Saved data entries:
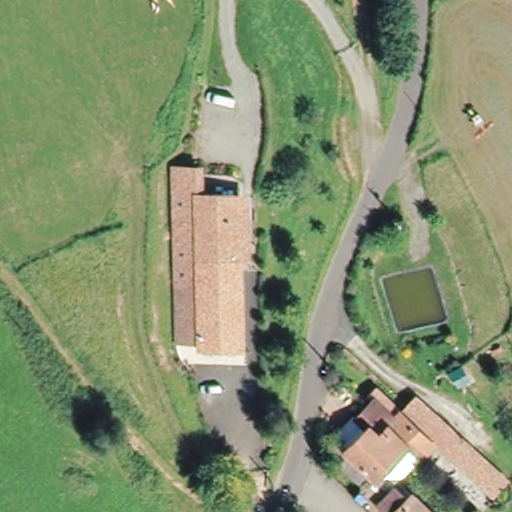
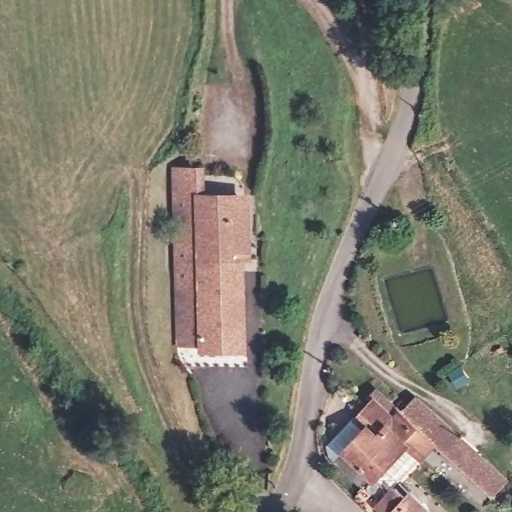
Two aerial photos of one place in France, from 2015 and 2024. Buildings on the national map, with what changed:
unchanged [(172,168),(194,167),(195,193),(200,289),(184,290),(186,327),(202,326),(203,346),(180,347),(173,194),(173,190),(172,168)]
unchanged [(238,191),(245,344),(203,346),(202,326),(186,327),(184,290),(200,289),(195,193),(238,191)]
unchanged [(385,483),(370,497),(334,463),(370,428),(356,413),(374,398),(372,396),(379,392),(398,414),(410,404),(455,452),(439,467),(429,456),(409,477),(394,492),(391,489),(385,483)]
unchanged [(497,495),(481,509),(439,467),(455,452),(497,495)]
unchanged [(386,512),(376,502),(391,489),(394,492),(401,500),(405,497),(421,512),(386,512)]

## Exercise requirements
Pictures are not part of the copy; transcribe the rest of the data verbatim.

## Output for this exercise
Two aerial photos of one place in France, from 2015 and 2024. Buildings on the national map, with what changed:
unchanged [(172,168),(194,167),(195,193),(200,289),(184,290),(186,327),(202,326),(203,346),(180,347),(173,194),(173,190),(172,168)]
unchanged [(238,191),(245,344),(203,346),(202,326),(186,327),(184,290),(200,289),(195,193),(238,191)]
unchanged [(385,483),(370,497),(334,463),(370,428),(356,413),(374,398),(372,396),(379,392),(398,414),(410,404),(455,452),(439,467),(429,456),(409,477),(394,492),(391,489),(385,483)]
unchanged [(497,495),(481,509),(439,467),(455,452),(497,495)]
unchanged [(386,512),(376,502),(391,489),(394,492),(401,500),(405,497),(421,512),(386,512)]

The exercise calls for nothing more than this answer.